In this work, we designed and experimentally demonstrated a new “fiber-to-fiber” sensing configuration for refractive index measurement. Different from early studies of light coupling between two in parallel LPGs (which are mainly used as wavelength-selective bandpass filters or multiplexers [8–12 ]) and fibers with singlemode-multimode-singlemode configuration [13,14 ], we take advantage of a D-shaped fiber [15–17 ] as a broad bandpass “bridge” to re-capture the evanescent field of high-order cladding modes of TFBGs with high efficiency. All these cladding modes are re-coupled in the reflection of D-shaped fiber and directly measured by a simple photoelectric detector (making spectral filters unnecessary). The proposed sensor provides a much improved sensitivity for large range of SRI measurement including for water-based solutions with RI close to 1.33. While the operating principle is inherently insensitive to temperature, the temperature information can be unambiguously measured if necessary by directly monitoring the wavelength of the core mode reflection from the TFBG.
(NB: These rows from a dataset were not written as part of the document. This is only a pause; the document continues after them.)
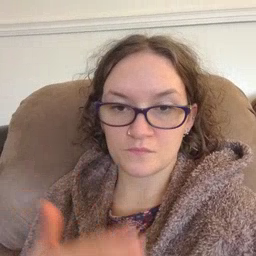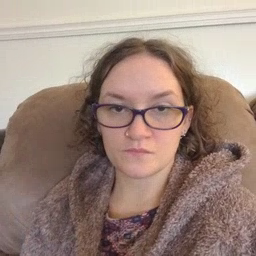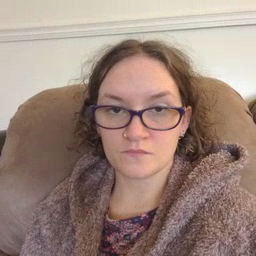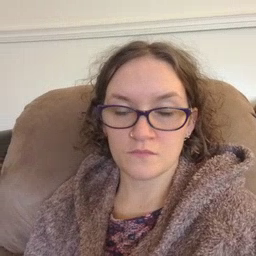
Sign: all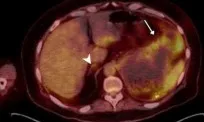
Fused PET/CT. Images revealed an irregular soft tissue mass of 14 cm in the left suprarenal region with mild non-specific FDG uptake (arrows), which was confirmed by biopsy to be negative for malignancy afterward, as well as normal morphology and metabolic activity of the right adrenal gland (arrowheads).
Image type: radiology (pet)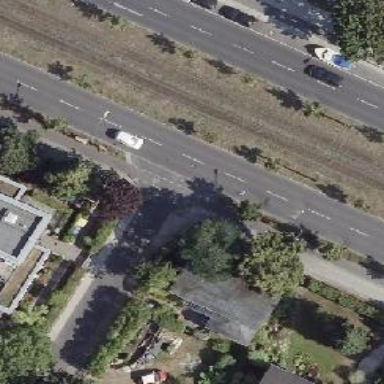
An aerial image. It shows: Secondary road with asphalt surface and cycle track on the right.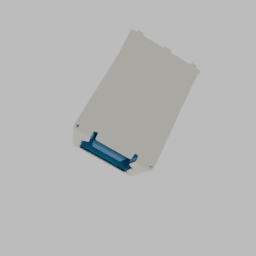
Label: electronics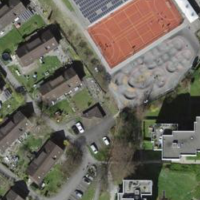
EUNIS habitat code: 55
Species observed at this site:
Melilotus albus
Cymbalaria muralis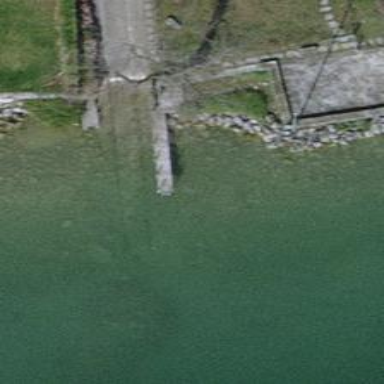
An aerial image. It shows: Man-made pier.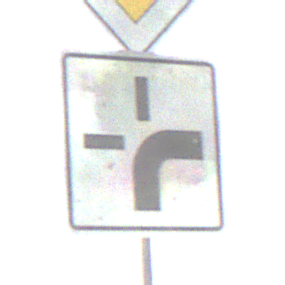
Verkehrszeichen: VerlaufVorfahrtsstrasse3
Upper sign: Vorfahrtsstrasse
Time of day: SunriseSunset
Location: Outdoor (Suburban)
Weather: PartlyCloudy
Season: NotSpecified
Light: Natural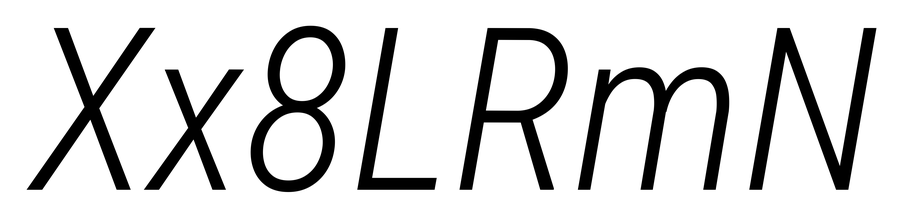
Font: Roboto-Italic_Condensed_Light_Italic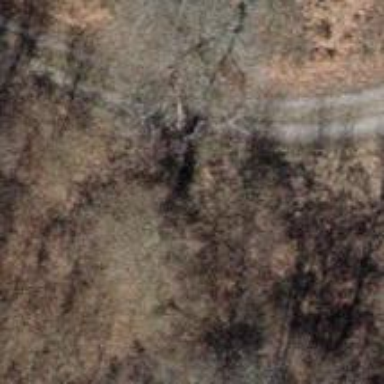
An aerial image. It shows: Pebblestone track with grade2 quality.

2. Sensor design and fabrication
As shown schematically in Fig. 1 , the basic idea behind this configuration is to recapture backward propagating cladding modes into the fiber core of D-shaped fiber. In general, the backward propagating cladding modes exited by TFBG cannot propagate for a long distance along the fiber cladding due to the absorption of the high-index jacket material, nor can it go back into the fiber core again. So the reflection spectrum of a TFBG only consists of a single and narrow band resonance from the core mode reflection. Obviously, the core mode reflection is insensitive to SRI and can be used to monitor the local temperature without ambiguity (because the endpoint configuration is also inherently strain-free). While previous TFBG refractometers worked on the principle of perturbations of the transmission spectrum due to SRI changes, the new design is based on the impact of SRI on penetration depth of the evanescent field of cladding modes: the higher the index, the longer the penetration depth. Quantification of this effect is through recapture of the evanescent field with a D-shaped fiber where the core is located in close proximity to the flat side of the fiber cladding. The two fibers are in parallel contact to each other and can be fixed permanently such. Once the tunneling light is re-coupled into the core of the D-fiber it can travel essentially without loss over a long distance for interrogation.
In fabricating the sensor probe, it must be noted that the azimuthal light distribution from the TFBG is predominantly directed along the tilt plane direction [18,19 ]. So the coupling of efficiency between the TFBG and the D-shaped fiber can be optimized by orienting the TFBG tilt plane along the plane in which the two fibers are located, as shown in the Fig. 2 reflection spectra. In order to find the maximum “fiber-to-fiber” coupling efficiency, we used a fiber rotator to rotate the TFBG fiber while keeping the D-shaped fiber fixed. Following this alignment step, we fix and package the two fibers into a capillary in the upstream side and glue both fibers at the downstream tip point to ensure the robustness and reproducibility of the sensing results. Please note that the D-fiber is connected with a SMF upstream which the SMF part is packaged in the capillary. So the D-fiber will not be influenced by the capillary.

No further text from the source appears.